Ok, so this article is at least contributing to the good side of the discourse a...

HybridCurve · on Feb 2, 2023

Thank you for taking the time to explain this, I've seen numerous threads where people complain about C but lack enough understanding of it to know where to properly attribute the blame. C shares one common trait with assembly: the ability to access, interpret, and modify memory freely. It is also an intensely manual language and expects the programmer to be both discriminating and thorough when dealing with unexpected values. Beyond that, they should not be compared. The language is not forgiving and as such has earned resentment from programmers which have had the benefit of using other languages that lessen the burden on the developer. Truthfully, all programming languages have an area where they excel (even ones we don't enjoy) and often times the approach or requirements of a project determine the language which should used. Many complain about it generally as being inadequate but fail to provide the context of which the language is employed, in which case it would be obvious that they should use another language. I would also like to add that scale (as in LoC or project complexity) is an important factor to consider when selecting an appropriate language. C can be much easier to manage for smaller executables/libraries or projects that don't have many layers of abstraction. Simultaneously, modern software and application complexity has grown significantly since C's inception and it is not commonly the most ideal solution. Discussions involving languages are enjoyable here when there is deliberation but I loathe when they devolve into tribalistic posturing and whinging.

zokier · on Feb 2, 2023

> C shares one common trait with assembly: the ability to access, interpret, and modify memory freely

In reality that is a trap; C makes you think that you might be able to poke memory in all sorts of ways but in reality there are lot of subtle restrictions around memory access. The whole discussion around pointer provence is the tip of the iceberg here.

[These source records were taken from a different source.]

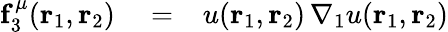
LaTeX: \begin{array}{rl}{\mathbf{f}_{3}^{\mu}({\mathbf{r}_{1}},{\mathbf{r}_{2}})}&{{}=\phantom{-}u({\mathbf{r}_{1}},{\mathbf{r}_{2}})\, \nabla_{1}u({\mathbf{r}_{1}},{\mathbf{r}_{2}})}\end{array}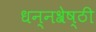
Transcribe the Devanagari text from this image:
धन्नश्रेष्ठी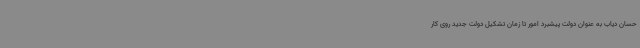
حسان دیاب به عنوان دولت پیشبرد امور تا زمان تشکیل دولت جدید روی کار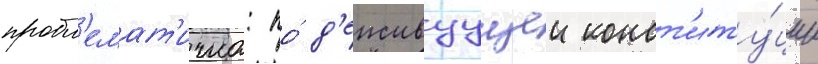
пробл'емат'ична: по́ д'еиствуущеи конст'иту́ции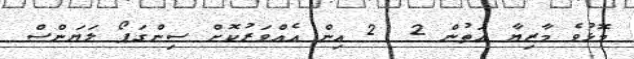
މޮޅުވެ މާޒިޔާ އަތުން 2  2 އިން އެއްވަރުކޮށް ސިންގަޕޯ ލަޔަންސް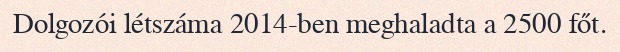
Dolgozói létszáma 2014-ben meghaladta a 2500 főt.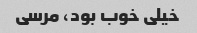
خیلی خوب بود، مرسی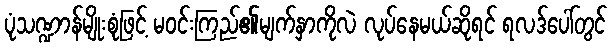
ပုံသဏ္ဍာန်မျိုးစုံဖြင့် မဝင်းကြည်၏မျက်နှာကိုလဲ လုပ်နေမယ်ဆိုရင် ရလဒ်ပေါ်တွင်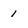
Character: 1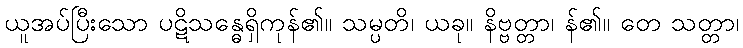
ယူအပ်ပြီးသော ပဋိသန္ဓေရှိကုန်၏။ သမ္ပတိ၊ ယခု။ နိဗ္ဗတ္တာ၊ န်၏။ တေ သတ္တာ၊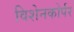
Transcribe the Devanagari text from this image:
विशेनकोर्पर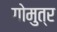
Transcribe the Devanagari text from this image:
गोमुत्र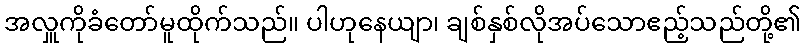
အလှူကိုခံတော်မူထိုက်သည်။ ပါဟုနေယျာ၊ ချစ်နှစ်လိုအပ်သောဧည့်သည်တို့၏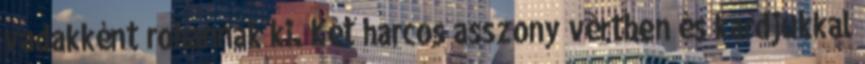
vadakként rohannak ki. Két harcos asszony vértben és kardjukkal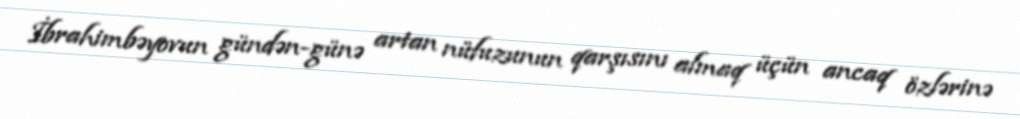
İbrahimbəyovun gündən-günə artan nüfuzunun qarşısını almaq üçün ancaq özlərinə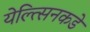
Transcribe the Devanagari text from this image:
येल्त्सिनकडे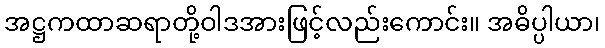
အဋ္ဌကထာဆရာတို့ဝါဒအားဖြင့်လည်းကောင်း။ အဓိပ္ပါယာ၊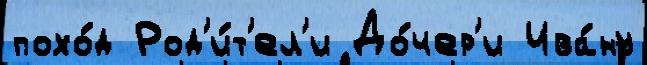
похо́д Род'и́т'ел'и До́чер'и Ива́ну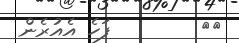
٣٧        ފަހެ އެއުރެން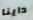
داينا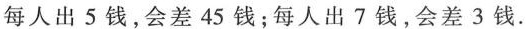
每人出5钱，会差45钱；每人出7钱，会差3钱。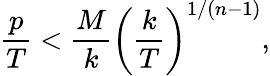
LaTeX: {\frac{p}{T}}<{\frac{M}{k}}\left({\frac{k}{T}}\right)^{1/(n-1)},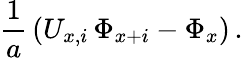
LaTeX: {\frac{1}{a}}\left(U_{x,i}\, \Phi_{x+i}-\Phi_{x}\right)\, .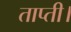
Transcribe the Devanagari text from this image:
ताप्ती।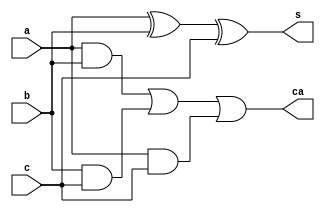
`timescale 1ns / 1ps
//////////////////////////////////////////////////////////////////////////////////
// Company: 
// Engineer: 
// 
// Design Name: 
// Module Name:    fa 
// Project Name: 
// Target Devices: 
// Tool versions: 
// Description: 
//
// Dependencies: 
//
// Revision: 
// Revision 0.01 - File Created
// Additional Comments: 
//
//////////////////////////////////////////////////////////////////////////////////
module fa(a,b,c,s,ca);
input a,b,c;
output s,ca;
assign s=a^b^c;
assign ca=(a&b)|(b&c)|(a&c);
endmodule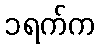
၁ရက်က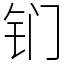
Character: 钔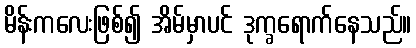
မိန်းကလေးဖြစ်၍ အိမ်မှာပင် ဒုက္ခရောက်နေသည်။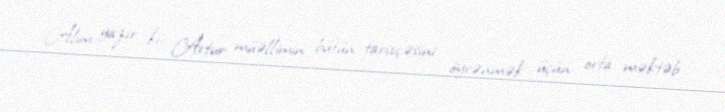
Alim yazır ki, Artur müəllimin bütün tarixçəsini öyrənmək üçün orta məktəb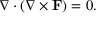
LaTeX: \nabla \cdot ( \nabla \times \mathbf { F } ) = 0 .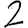
Digit: 2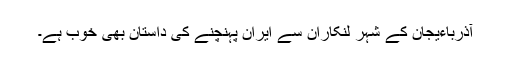
آذرباءیجان کے شہر لنکاران سے ایران پہنچنے کی داستان بھی خوب ہے۔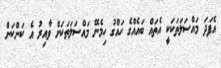
އެފަދަ މައްސަލަތަކަކީ އެތައް ބައެއްގެ ހައްގު ހިމެނޭ މައްސަލަތަކަށް ވާއިރު އެ ކަންކަން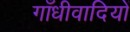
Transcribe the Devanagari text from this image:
गाँधीवादियों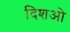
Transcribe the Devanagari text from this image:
दिशओ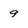
Character: 9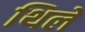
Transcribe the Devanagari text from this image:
थिले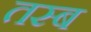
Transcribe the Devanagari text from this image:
तस्ब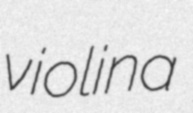
violina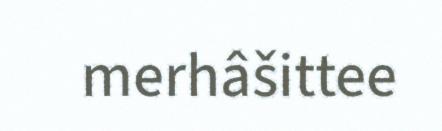
merhâšittee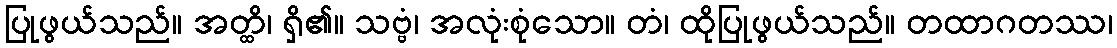
ပြုဖွယ်သည်။ အတ္ထိ၊ ရှိ၏။ သဗ္ဗံ၊ အလုံးစုံသော။ တံ၊ ထိုပြုဖွယ်သည်။ တထာဂတဿ၊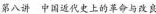
第八讲 中国近代史上的革命与改良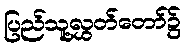
ပြည်သူ့လွှတ်တော်၌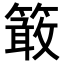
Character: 𥴊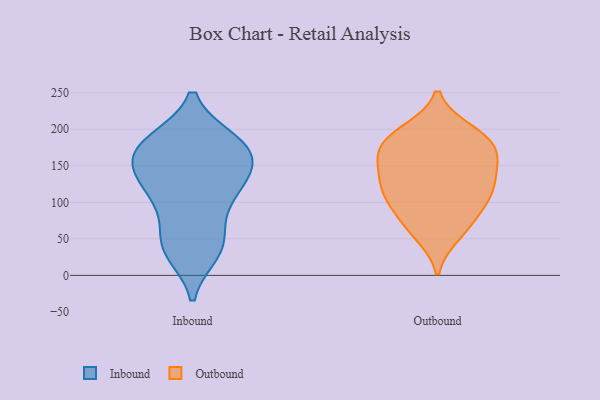
{"axis": {"x": "Market Share (%)", "y": "Value"}, "legend": ["Inbound", "Outbound"], "data": [{"x": "", "y": 184, "type": "Inbound"}, {"x": "", "y": 180, "type": "Inbound"}, {"x": "", "y": 145, "type": "Inbound"}, {"x": "", "y": 157, "type": "Inbound"}, {"x": "", "y": 176, "type": "Inbound"}, {"x": "", "y": 40, "type": "Inbound"}, {"x": "", "y": 43, "type": "Inbound"}, {"x": "", "y": 98, "type": "Inbound"}, {"x": "", "y": 124, "type": "Inbound"}, {"x": "", "y": 32, "type": "Inbound"}, {"x": "", "y": 177, "type": "Inbound"}, {"x": "", "y": 134, "type": "Inbound"}, {"x": "", "y": 150, "type": "Inbound"}, {"x": "", "y": 91, "type": "Inbound"}, {"x": "", "y": 41, "type": "Inbound"}, {"x": "", "y": 120, "type": "Inbound"}, {"x": "", "y": 182, "type": "Inbound"}, {"x": "", "y": 84, "type": "Outbound"}, {"x": "", "y": 147, "type": "Outbound"}, {"x": "", "y": 80, "type": "Outbound"}, {"x": "", "y": 116, "type": "Outbound"}, {"x": "", "y": 172, "type": "Outbound"}, {"x": "", "y": 194, "type": "Outbound"}, {"x": "", "y": 104, "type": "Outbound"}, {"x": "", "y": 59, "type": "Outbound"}, {"x": "", "y": 194, "type": "Outbound"}, {"x": "", "y": 128, "type": "Outbound"}, {"x": "", "y": 198, "type": "Outbound"}, {"x": "", "y": 55, "type": "Outbound"}, {"x": "", "y": 134, "type": "Outbound"}, {"x": "", "y": 182, "type": "Outbound"}, {"x": "", "y": 109, "type": "Outbound"}, {"x": "", "y": 163, "type": "Outbound"}, {"x": "", "y": 159, "type": "Outbound"}, {"x": "", "y": 168, "type": "Outbound"}, {"x": "", "y": 117, "type": "Outbound"}]}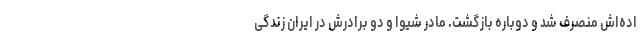
اده‌اش منصرف شد و دوباره بازگشت. مادر شیوا و دو برادرش در ایران زندگی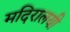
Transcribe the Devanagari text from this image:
मदिरालयी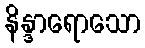
နိန္ဒာရောသော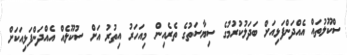
ސްކޫލުތައް އެއްދަންފަޅިއަށް ބަދަލުކުރުމުގެ ސިޔާސަތުގެ ތެރެއިން މިއަހަރު އިތުރު އަށް ސުކޫލެއް އެއްދަންފަޅިއަކަށް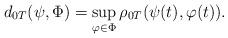
LaTeX: \begin{align*}d_{0T}(\psi, \Phi) =\sup_{\varphi \in \Phi} \rho_{0T}(\psi(t),\varphi(t)). \end{align*}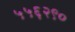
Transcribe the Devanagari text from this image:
५५६२९०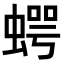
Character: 𧍞

And that is pretty much at the core of the whole ub hullabaloo; difference between what C seems to be (or have been) and what the standard says.

pjmlp · on Feb 2, 2023

To see how cross platform C looked like in those early days, nothing like reaching out to books like "A book on C" from 1984 (Robert Edward Berry and B. A. E. Meekings), which has an implementation of RatC [0].

https://www.amazon.de/-/en/Robert-Berry/dp/0333368215/ref=sr...

Then there were Small-C and BDS C, as yet two other major subsets in those early days.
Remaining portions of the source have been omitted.